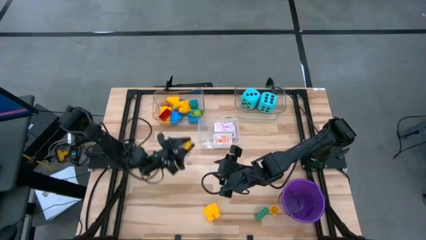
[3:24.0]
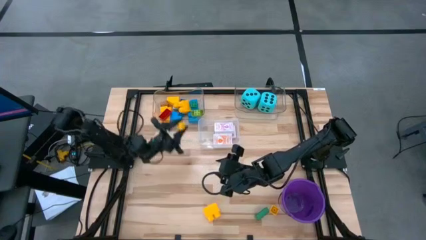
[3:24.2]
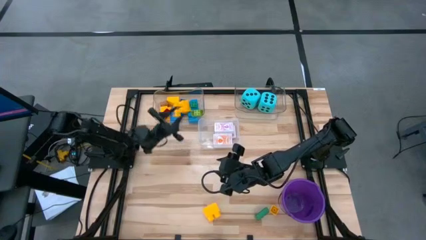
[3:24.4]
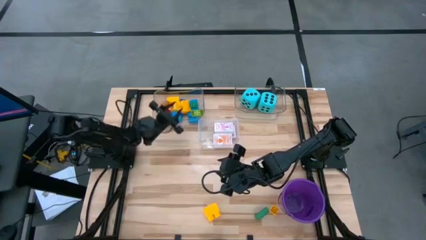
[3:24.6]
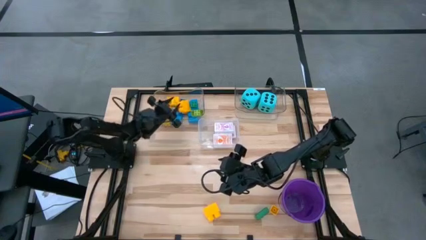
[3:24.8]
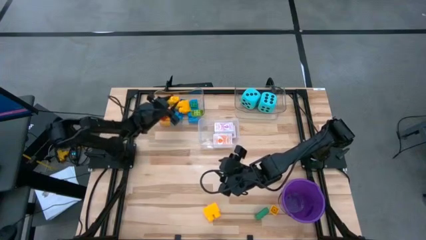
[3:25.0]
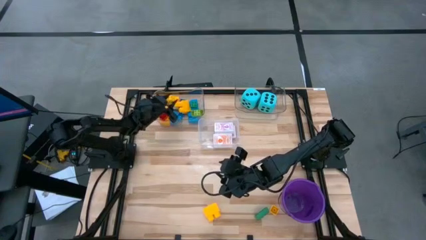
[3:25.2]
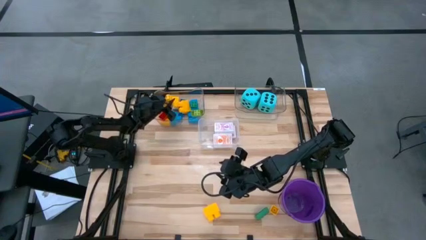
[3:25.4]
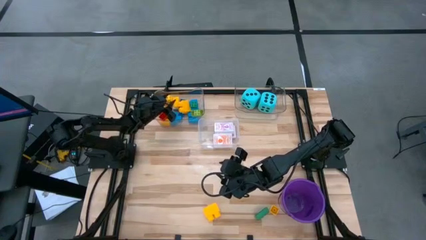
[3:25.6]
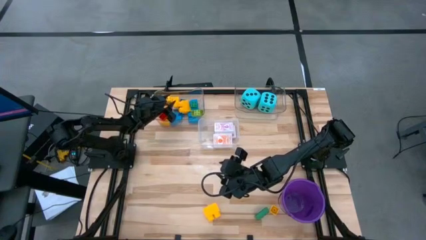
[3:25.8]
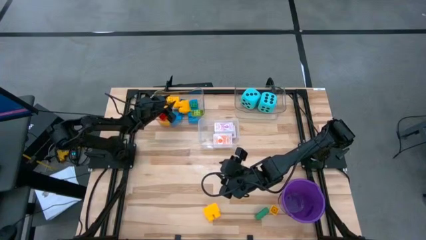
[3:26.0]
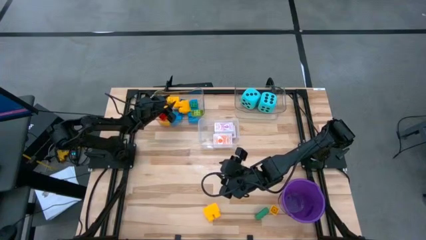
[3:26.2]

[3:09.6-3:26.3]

+++++

- [Work required] Restate every entry above word for word; no picture belongs in the copy.

- [Answer below]
[3:24.0]
[3:24.2]
[3:24.4]
[3:24.6]
[3:24.8]
[3:25.0]
[3:25.2]
[3:25.4]
[3:25.6]
[3:25.8]
[3:26.0]
[3:26.2]

[3:09.6-3:26.3]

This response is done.